[[ Supplied material, beginning ]]

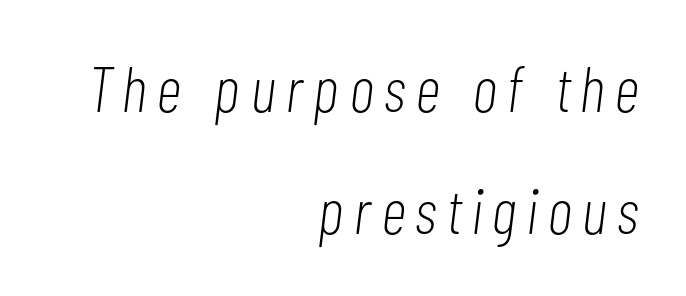
Q: Is the text bold? A: No.
Q: Is the text italic (slanted)? A: Yes, it leans right by about 7 degrees.
Q: Is the text underlined? A: No.
Q: How is the paragraph aligned? A: Right-aligned.
Q: Is the spacing between lines tight, normal or loose? A: Loose.
Q: Width (condensed, normal, or wide)? A: Condensed.
Q: Stroke contrast? A: Low.
Q: x-height? A: Medium.
Q: Monospaced? A: No.
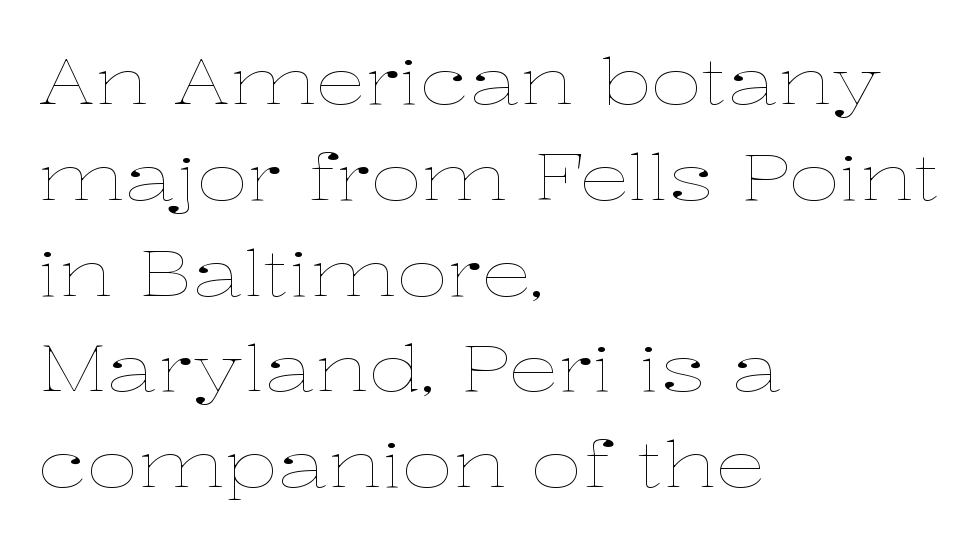
Q: Is the text bold? A: No.
Q: Is the text italic (slanted)? A: No, it is upright.
Q: Is the text underlined? A: No.
Q: How is the paragraph aligned? A: Left-aligned.
Q: Is the spacing between letters normal or unusually wide? A: Normal.
Q: Is the spacing between lines tight, normal or loose? A: Normal.
Q: Width (condensed, normal, or wide)? A: Wide.
Q: Stroke contrast? A: Low.
Q: x-height? A: Medium.
Q: Monospaced? A: No.
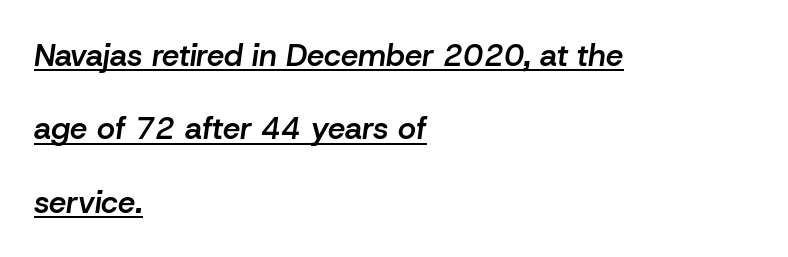
The letters sit at their default tracking, neither squeezed nor spread. Horizontal alignment here is leftward, the default for most running prose. Baseline-to-baseline distance is far greater than the letter height. Varying glyph widths throughout — classic text-font behaviour. Does a line run under the words? Yes, clearly. The typography opts for an oblique posture over an upright one.
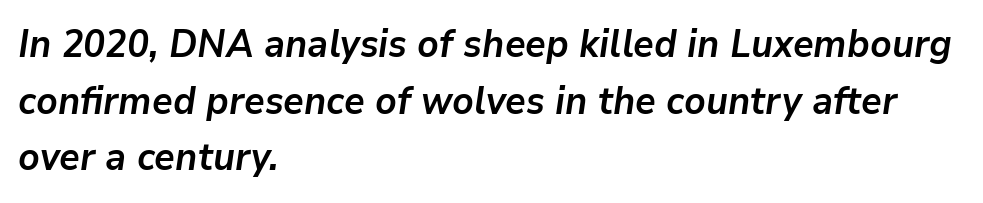
Line spacing here is normal. These lines are set flush left with a ragged right edge. Varying glyph widths throughout — classic text-font behaviour. Typographic density is high because the face is bold.
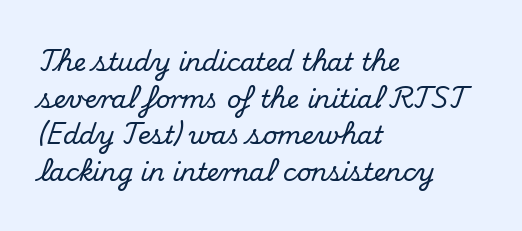
The image shows 25 px text type; set left-aligned, normal line spacing (1.47x), normal letter spacing, not underlined.
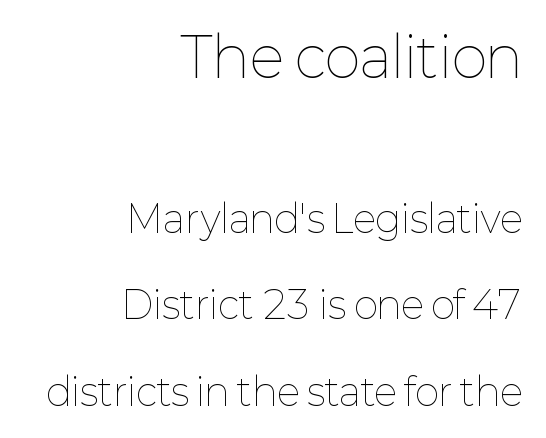
Q: Is the text bold? A: No.
Q: Is the text italic (slanted)? A: No, it is upright.
Q: Is the text underlined? A: No.
Q: How is the paragraph aligned? A: Right-aligned.
Q: Is the spacing between letters normal or unusually wide? A: Normal.
Q: Is the spacing between lines tight, normal or loose? A: Loose.
Q: Which block of text is set in a larger size, the first (top) or the second (bottom)? A: The first (top) one.
Q: Width (condensed, normal, or wide)? A: Normal.
Q: Stroke contrast? A: Low.
Q: x-height? A: Medium.
Q: Monospaced? A: No.
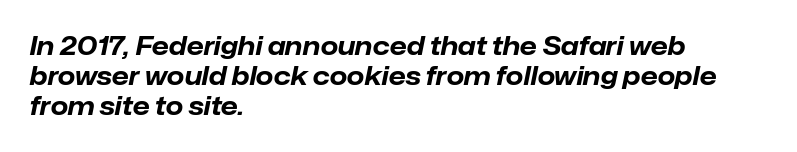
{"italic": "yes", "lean": "right", "slant_degrees": 12, "bold": "yes", "underline": "no", "align": "left", "line_spacing_ratio": 1.21, "letter_spacing": "normal", "letter_spacing_em": 0.0, "glyph_px": 25}
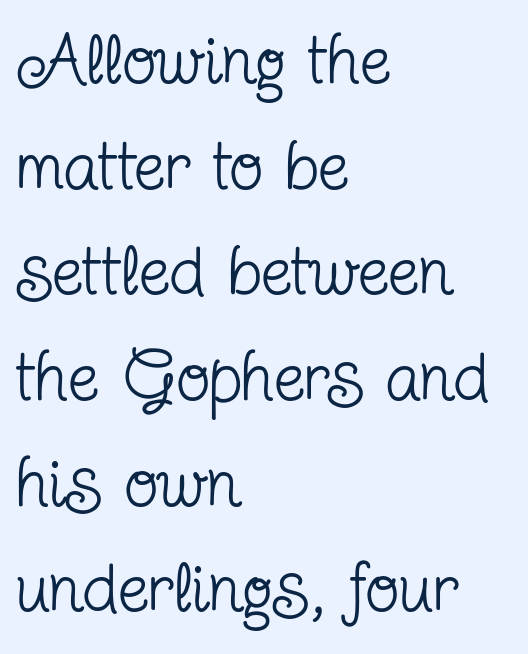
The image shows 70 px regular-weight, condensed serif type, upright; set left-aligned, normal line spacing (1.51x), normal letter spacing, not underlined; low stroke contrast and a medium x-height.

[[ Supplied material, end ]]

• [Brief]: Search the data for "wide". Copy every matching line.

• [Output of the task]:
Q: Width (condensed, normal, or wide)? A: Condensed.
Q: Is the spacing between letters normal or unusually wide? A: Normal.
Q: Width (condensed, normal, or wide)? A: Wide.
Q: Is the spacing between letters normal or unusually wide? A: Normal.
Q: Width (condensed, normal, or wide)? A: Normal.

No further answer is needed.